The central dogma of molecular biology explains that DNA codes for RNA, which codes for proteins. Proteins do everything from helping plants grow to protecting the body.
mRNA carries genetic code from the nucleus to ribosomes in the cytoplasm, where it is translated into amino acids for protein synthesis. Chemical modifications of mRNA have profound consequences for gene expression regulation.
mRNA TRNAs
The first step in protein synthesis involves coupling amino acids to tRNA molecules. Because the genetic code is redundant, several codons can specify the same amino acid. To avoid miscoding, tRNAs are designed to base-pair with a specific codon accurately. They must match perfectly at the first two positions of a codon and can tolerate a mismatch, or wobble, in the third position.
tRNAs are trimmed and spliced to remove non-coding sequences before they can be used for protein synthesis. This processing is a quality-control measure that helps ensure that the tRNAs are correctly folded and located on the ribosome.
Once a tRNA has been correctly processed, it is covalently attached to an amino acid by the action of a peptidyl transferase enzyme. The peptidyl transferase reaction is catalyzed by the same enzyme that makes tRNAs, and it is one of many cellular reactions coupled to the energy-releasing hydrolysis of ATP.

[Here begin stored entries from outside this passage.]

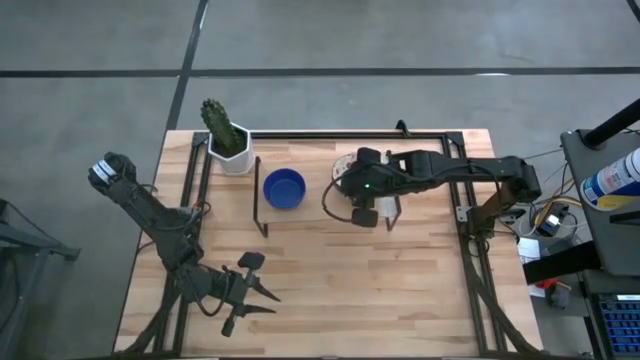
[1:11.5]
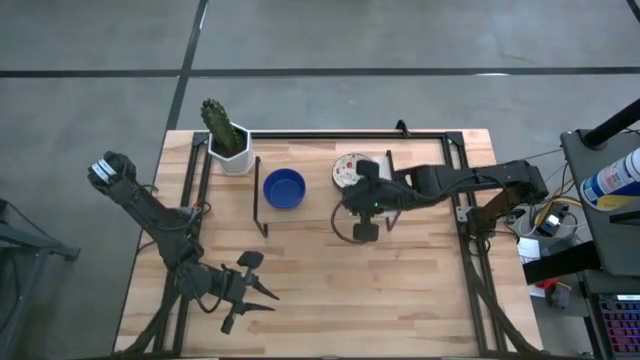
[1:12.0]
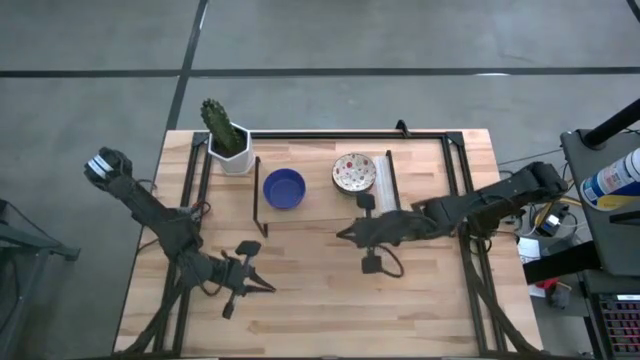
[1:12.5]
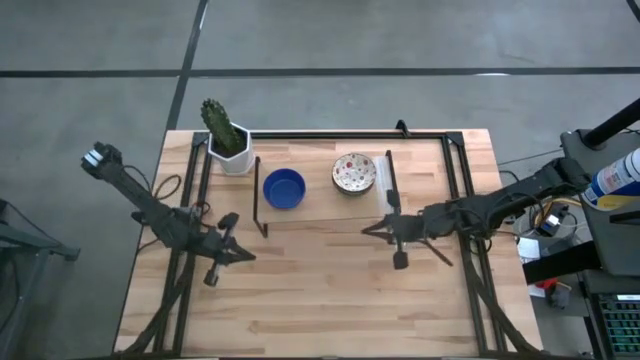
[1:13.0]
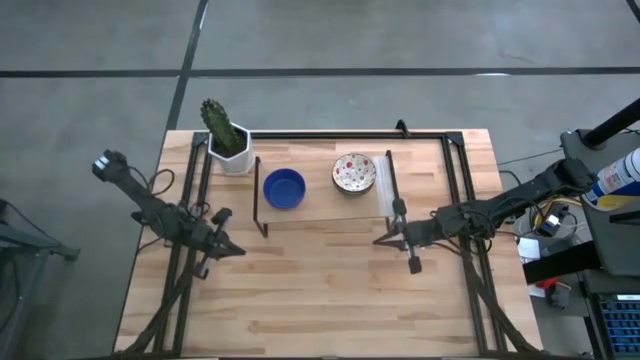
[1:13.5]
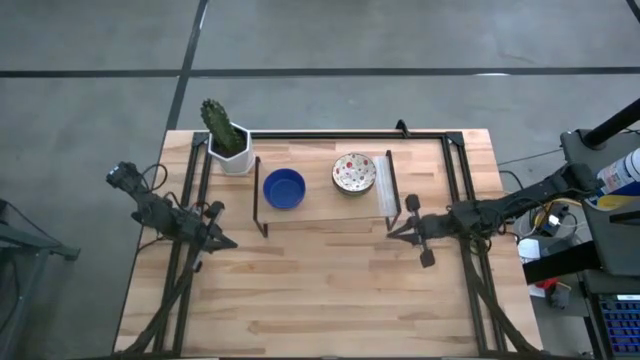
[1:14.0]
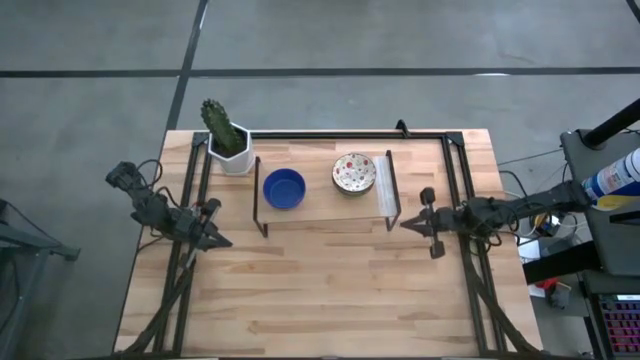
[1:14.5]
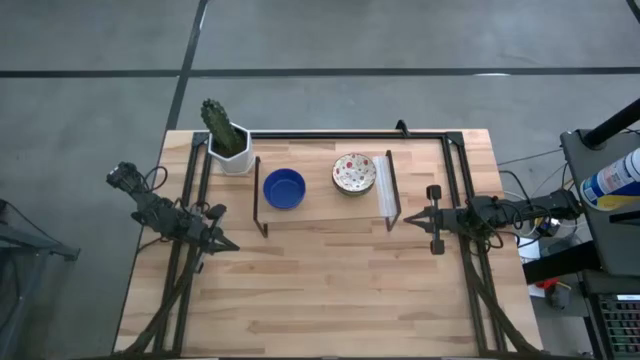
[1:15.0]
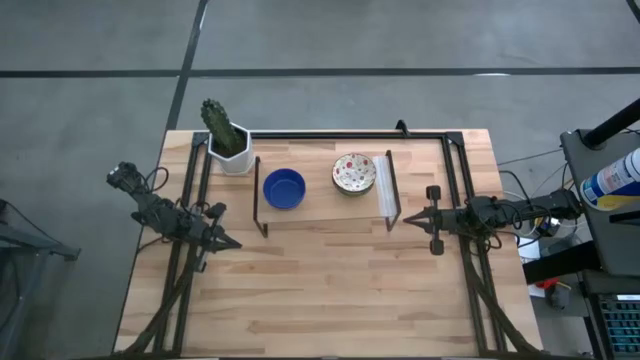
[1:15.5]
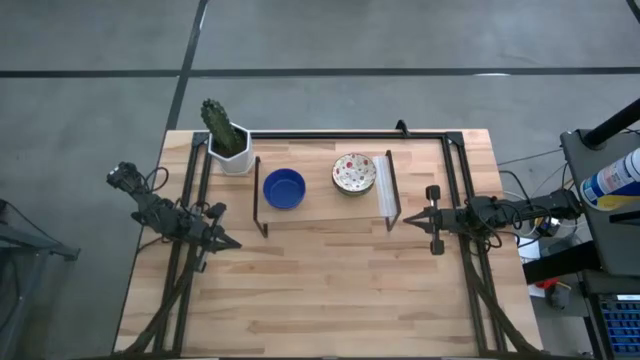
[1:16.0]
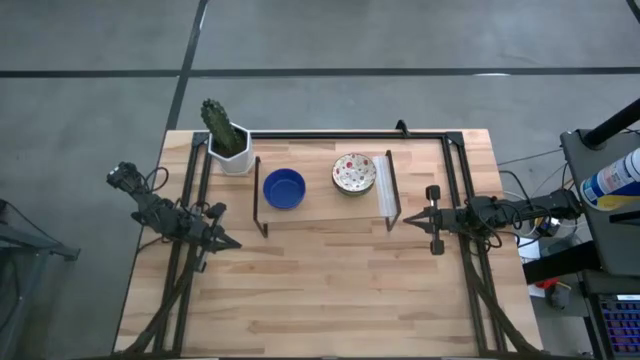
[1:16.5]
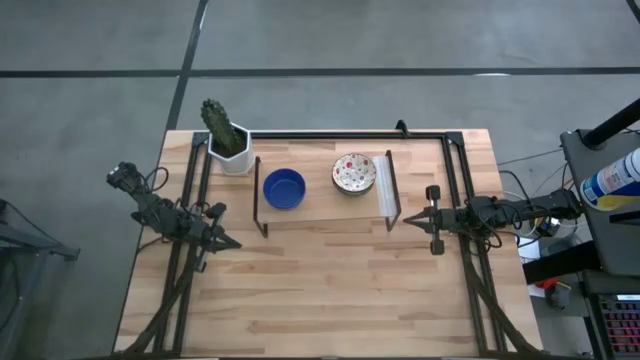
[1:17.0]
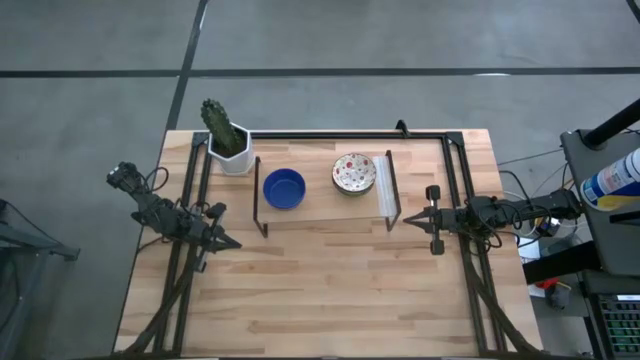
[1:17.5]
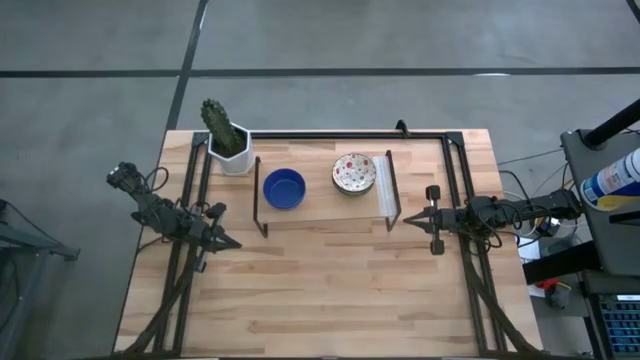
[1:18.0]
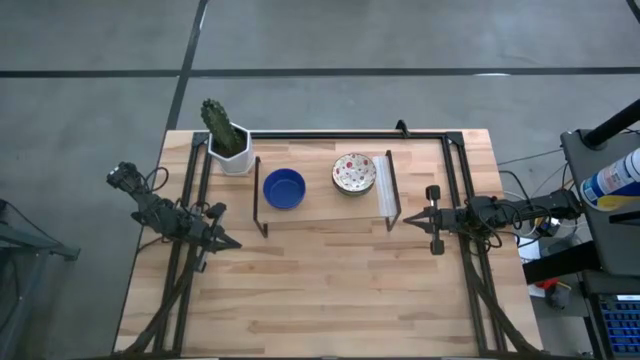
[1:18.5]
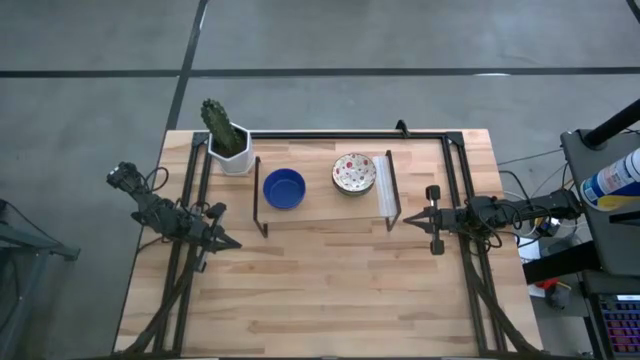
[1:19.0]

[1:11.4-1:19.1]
Task: Pick & Place Mini bowls
Return to Home Position

In bacteria, the ribosome moves along the three mRNA bases simultaneously, from the 5′ end to the 3′ end. New tRNAs whose anticodons complement the mRNA codons arrive with their corresponding amino acids. The tRNA-amino acid complex is then joined to the carboxyl end of the growing polypeptide chain by a peptide bond, and the resulting peptide is folded into a functionally distinct protein.
mRNA Codons
In the next step of gene expression, translation, the nucleotide sequence in an mRNA molecule is decoded to specify an amino acid sequence that will ultimately form a protein. This process occurs inside a ribosome and requires adapter molecules called tRNAs. The tRNAs have three nucleotides sticking out of one end that can match (base-pair) with a specific codon in the mRNA sequence and an amino acid attached to the other end. Each tRNA binds temporarily to the codon, then releases its amino acid into the ribosome, replaced with another amino acid, and so on until a protein is formed.
Because there are only 20 different amino acids and 64 possible combinations of codons, many codons code for more than one amino acid. This is called redundancy and is made possible by a phenomenon known as wobble base-pairing.

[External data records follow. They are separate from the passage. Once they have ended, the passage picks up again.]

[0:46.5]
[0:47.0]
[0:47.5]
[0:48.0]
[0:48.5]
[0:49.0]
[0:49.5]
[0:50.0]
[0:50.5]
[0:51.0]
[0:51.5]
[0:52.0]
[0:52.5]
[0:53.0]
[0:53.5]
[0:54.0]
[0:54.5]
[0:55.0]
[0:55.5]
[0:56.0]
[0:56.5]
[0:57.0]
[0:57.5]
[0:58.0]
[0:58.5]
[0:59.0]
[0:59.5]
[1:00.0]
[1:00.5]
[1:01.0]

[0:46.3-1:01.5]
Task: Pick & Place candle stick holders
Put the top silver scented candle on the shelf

The ribosome is a large structure composed of two subunits, the small and large ribosomal subunits. The small ribosomal subunit scans the mRNA sequence to identify a start codon. Once a start codon is recognized, a particular protein called an initiation factor, dissociates from the small ribosomal subunit to allow the tRNA to bind to the mRNA and begin a new round of translation.
mRNA Anticodons
By recognizing and pairing with their complementary codons, tRNA molecules bring the appropriate amino acids to the correct sites on the ribosome. These interactions, known as wobble base-pairing, explain why it is possible to fit 20 different amino acids into 61 different codons: each codon can be represented by several sequences that differ only in the third nucleotide.
When a tRNA binds to a particular codon in the ribosome’s P site, its three-nucleotide anticodon loop recognizes the corresponding amino acid residue. The loop forms a complex L-shaped structure, and its ends make specific Watson-Crick base pairs with the first two nucleotides of the mRNA codon. This way, the tRNA helps the ribosome correctly read the mRNA’s genetic instructions to build protein chains.
The specific shape of tRNAs helps them orient themselves on the ribosome to bind their codon partners and then move towards the E site once the codon-anticodon interaction is complete.
mRNA UTRs
UTRs can contain sequences that influence mRNA stability, splicing, or translation. They also often have structural characteristics that can affect subcellular localization. For example, genes that bind to protein complexes in the cytoplasm tend to have shorter 5′ and 3′ UTRs than genes that need to attach to the mitochondrion.
UTR cis-elements can also affect protein function by influencing the abundance or activity of RBPs that bind them. This is the case with AU-rich elements, initially thought to repress translation but later found to increase protein production after lipopolysaccharide stimulation of T cells.
Some cis-elements in UTRs have been shown to regulate the stability of specific mRNAs by binding to the RISC complex or other RNA-binding proteins.
Another type of cis-element that influences translation is the zipper code. These sequences interact with a specific zip-code binding protein to control mRNA localization in the cytoplasm and nucleus. Several examples of zipper codes exist in the mRNAs of various cancers, including some whose mutations can lead to uncontrolled cell growth and tumorigenesis.